┌──

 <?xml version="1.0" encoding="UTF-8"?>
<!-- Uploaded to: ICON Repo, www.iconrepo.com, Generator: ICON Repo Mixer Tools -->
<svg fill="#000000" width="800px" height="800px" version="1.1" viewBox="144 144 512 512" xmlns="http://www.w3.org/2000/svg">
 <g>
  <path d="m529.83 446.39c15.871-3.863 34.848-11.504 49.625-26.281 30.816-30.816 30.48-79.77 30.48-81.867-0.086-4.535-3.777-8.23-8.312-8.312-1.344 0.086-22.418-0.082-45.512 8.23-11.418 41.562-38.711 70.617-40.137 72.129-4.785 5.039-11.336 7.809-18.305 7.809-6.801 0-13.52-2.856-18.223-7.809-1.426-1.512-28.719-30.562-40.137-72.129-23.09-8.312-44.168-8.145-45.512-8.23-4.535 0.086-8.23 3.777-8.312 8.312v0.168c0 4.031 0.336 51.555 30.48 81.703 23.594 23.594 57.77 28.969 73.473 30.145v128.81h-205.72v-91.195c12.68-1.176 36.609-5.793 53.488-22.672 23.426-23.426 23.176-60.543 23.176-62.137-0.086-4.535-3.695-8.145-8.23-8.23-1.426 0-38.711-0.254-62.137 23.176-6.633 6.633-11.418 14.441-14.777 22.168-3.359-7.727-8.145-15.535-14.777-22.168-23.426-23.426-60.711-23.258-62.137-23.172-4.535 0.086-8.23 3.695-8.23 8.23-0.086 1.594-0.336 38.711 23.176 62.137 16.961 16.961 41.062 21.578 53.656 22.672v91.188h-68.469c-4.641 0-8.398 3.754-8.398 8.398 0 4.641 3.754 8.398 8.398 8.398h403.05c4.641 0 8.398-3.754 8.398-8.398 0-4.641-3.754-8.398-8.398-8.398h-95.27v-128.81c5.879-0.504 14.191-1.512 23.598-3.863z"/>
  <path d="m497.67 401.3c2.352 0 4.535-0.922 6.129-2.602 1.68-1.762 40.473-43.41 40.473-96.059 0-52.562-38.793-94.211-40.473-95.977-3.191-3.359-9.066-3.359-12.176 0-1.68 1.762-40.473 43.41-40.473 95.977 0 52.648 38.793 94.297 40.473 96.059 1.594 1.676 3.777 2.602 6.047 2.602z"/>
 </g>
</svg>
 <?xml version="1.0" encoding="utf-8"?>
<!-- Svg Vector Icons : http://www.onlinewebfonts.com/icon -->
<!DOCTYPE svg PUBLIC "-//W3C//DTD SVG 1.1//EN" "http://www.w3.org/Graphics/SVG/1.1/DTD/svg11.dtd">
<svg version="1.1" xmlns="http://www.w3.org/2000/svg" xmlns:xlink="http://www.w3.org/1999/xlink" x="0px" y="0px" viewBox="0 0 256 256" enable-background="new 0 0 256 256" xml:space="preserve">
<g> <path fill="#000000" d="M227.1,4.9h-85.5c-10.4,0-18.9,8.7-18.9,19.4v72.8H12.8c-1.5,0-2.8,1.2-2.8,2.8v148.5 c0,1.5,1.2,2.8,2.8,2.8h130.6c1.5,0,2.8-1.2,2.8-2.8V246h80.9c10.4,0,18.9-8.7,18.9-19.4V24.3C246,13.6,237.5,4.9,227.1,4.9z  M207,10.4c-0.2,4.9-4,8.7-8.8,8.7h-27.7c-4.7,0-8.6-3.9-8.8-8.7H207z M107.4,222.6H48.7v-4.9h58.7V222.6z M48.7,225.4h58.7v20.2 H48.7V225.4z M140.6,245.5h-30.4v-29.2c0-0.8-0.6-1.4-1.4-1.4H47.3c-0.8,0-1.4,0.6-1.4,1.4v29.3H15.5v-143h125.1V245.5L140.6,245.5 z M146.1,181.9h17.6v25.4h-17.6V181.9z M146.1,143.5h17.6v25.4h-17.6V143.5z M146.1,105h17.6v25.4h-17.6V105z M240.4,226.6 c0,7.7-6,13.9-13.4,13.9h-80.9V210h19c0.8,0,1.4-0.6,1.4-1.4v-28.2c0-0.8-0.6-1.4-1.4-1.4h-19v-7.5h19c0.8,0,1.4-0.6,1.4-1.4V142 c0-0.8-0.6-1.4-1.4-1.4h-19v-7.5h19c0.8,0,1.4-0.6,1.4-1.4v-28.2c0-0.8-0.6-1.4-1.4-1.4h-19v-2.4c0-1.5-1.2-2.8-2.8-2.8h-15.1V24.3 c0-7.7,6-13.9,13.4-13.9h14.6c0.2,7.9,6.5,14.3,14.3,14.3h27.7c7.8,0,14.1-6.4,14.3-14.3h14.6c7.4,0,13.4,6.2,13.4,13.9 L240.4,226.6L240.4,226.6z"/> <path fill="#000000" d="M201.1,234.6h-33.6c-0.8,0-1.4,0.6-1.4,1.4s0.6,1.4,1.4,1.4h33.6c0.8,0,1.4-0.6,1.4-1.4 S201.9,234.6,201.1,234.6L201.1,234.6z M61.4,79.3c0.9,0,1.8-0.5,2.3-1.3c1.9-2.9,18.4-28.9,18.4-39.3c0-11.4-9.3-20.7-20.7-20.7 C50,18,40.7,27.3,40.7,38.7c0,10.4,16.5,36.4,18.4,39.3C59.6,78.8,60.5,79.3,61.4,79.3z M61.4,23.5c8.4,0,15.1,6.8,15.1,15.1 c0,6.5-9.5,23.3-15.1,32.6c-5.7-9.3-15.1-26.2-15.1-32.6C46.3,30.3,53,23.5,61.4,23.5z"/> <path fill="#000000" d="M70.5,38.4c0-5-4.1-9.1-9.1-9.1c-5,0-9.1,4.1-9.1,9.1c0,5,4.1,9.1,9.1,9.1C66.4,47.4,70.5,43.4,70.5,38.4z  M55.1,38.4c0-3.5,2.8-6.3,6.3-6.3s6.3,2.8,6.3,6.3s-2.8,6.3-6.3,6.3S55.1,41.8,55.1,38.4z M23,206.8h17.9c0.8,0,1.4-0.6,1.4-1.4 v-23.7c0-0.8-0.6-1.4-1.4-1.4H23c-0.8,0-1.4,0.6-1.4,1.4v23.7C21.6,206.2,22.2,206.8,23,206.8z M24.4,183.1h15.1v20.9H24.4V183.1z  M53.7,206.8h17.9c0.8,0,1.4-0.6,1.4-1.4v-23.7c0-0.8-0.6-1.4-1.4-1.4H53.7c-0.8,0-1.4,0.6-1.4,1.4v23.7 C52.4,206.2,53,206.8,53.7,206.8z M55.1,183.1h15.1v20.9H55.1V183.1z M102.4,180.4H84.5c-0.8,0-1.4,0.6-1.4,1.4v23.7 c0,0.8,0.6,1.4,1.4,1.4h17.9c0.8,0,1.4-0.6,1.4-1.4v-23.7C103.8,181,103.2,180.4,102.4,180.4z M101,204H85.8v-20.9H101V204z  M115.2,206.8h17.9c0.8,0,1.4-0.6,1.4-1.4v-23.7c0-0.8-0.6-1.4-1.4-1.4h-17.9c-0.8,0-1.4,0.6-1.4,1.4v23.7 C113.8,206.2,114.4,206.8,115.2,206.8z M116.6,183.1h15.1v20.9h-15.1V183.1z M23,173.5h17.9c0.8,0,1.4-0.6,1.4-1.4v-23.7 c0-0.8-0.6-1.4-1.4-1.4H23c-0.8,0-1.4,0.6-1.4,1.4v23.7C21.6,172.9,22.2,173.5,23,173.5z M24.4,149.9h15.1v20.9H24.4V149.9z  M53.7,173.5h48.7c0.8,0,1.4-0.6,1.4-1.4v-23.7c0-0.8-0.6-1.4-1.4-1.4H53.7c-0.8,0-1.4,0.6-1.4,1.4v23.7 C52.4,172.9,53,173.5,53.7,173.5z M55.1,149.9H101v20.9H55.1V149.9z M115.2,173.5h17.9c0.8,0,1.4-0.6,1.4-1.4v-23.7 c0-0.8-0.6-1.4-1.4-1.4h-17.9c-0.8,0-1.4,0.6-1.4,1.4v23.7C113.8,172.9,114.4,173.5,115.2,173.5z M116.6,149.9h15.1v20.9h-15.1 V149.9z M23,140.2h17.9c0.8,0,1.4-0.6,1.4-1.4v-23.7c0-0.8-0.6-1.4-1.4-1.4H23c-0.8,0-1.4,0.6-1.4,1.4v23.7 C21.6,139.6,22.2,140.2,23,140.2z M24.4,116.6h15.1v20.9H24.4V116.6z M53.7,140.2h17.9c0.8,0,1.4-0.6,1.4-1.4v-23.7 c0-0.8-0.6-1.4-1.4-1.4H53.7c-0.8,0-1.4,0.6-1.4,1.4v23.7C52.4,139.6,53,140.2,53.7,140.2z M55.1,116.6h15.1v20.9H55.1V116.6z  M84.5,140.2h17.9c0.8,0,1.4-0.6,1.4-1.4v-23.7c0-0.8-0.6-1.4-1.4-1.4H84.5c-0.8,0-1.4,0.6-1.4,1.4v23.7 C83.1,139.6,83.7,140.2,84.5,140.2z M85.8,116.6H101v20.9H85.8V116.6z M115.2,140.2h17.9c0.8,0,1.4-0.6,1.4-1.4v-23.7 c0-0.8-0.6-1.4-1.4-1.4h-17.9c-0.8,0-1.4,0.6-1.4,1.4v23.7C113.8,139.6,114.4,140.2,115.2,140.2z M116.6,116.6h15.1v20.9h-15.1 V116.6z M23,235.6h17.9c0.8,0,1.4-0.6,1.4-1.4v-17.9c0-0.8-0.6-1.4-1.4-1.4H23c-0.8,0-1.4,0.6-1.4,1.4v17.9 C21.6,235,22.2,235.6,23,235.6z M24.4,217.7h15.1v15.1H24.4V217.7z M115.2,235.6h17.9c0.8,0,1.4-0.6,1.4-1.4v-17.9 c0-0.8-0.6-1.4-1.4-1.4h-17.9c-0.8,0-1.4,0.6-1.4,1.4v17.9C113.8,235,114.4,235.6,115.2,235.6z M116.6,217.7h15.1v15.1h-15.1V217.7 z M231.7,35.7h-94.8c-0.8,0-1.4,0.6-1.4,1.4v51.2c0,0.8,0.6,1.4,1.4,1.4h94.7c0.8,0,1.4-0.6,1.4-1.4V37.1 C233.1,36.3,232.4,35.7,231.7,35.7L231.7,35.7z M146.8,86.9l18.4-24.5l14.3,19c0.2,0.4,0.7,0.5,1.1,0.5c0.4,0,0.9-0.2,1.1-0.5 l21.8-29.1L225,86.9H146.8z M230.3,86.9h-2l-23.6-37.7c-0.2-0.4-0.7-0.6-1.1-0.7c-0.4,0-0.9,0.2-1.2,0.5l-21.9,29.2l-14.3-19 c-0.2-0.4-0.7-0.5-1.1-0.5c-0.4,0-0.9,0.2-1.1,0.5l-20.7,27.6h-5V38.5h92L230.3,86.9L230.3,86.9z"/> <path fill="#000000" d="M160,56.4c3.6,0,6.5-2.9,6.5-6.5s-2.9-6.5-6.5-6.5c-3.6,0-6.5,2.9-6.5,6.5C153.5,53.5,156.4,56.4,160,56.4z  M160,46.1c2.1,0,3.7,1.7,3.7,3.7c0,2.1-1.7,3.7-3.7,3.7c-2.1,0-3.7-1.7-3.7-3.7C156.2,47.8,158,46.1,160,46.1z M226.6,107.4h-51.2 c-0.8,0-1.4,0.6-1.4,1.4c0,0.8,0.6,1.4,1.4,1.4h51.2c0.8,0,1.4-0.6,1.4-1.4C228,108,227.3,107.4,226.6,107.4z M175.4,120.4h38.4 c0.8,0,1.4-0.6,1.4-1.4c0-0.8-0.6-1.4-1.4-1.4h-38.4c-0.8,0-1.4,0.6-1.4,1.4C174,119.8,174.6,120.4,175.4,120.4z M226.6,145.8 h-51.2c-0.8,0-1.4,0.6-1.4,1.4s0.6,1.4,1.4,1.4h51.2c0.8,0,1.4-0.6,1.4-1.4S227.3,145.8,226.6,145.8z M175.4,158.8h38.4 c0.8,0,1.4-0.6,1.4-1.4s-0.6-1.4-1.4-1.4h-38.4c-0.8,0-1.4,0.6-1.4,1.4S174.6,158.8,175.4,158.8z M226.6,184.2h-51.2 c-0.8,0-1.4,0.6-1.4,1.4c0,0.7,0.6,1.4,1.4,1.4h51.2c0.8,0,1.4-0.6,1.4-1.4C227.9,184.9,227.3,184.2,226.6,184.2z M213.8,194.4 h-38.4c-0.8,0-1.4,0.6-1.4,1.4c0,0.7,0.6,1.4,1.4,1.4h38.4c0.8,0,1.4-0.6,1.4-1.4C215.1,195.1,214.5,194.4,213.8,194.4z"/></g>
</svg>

└──

* Assigned task
All lines of the material that contain the string "encoding" are to be copied.

* Written response
 <?xml version="1.0" encoding="UTF-8"?>
 <?xml version="1.0" encoding="utf-8"?>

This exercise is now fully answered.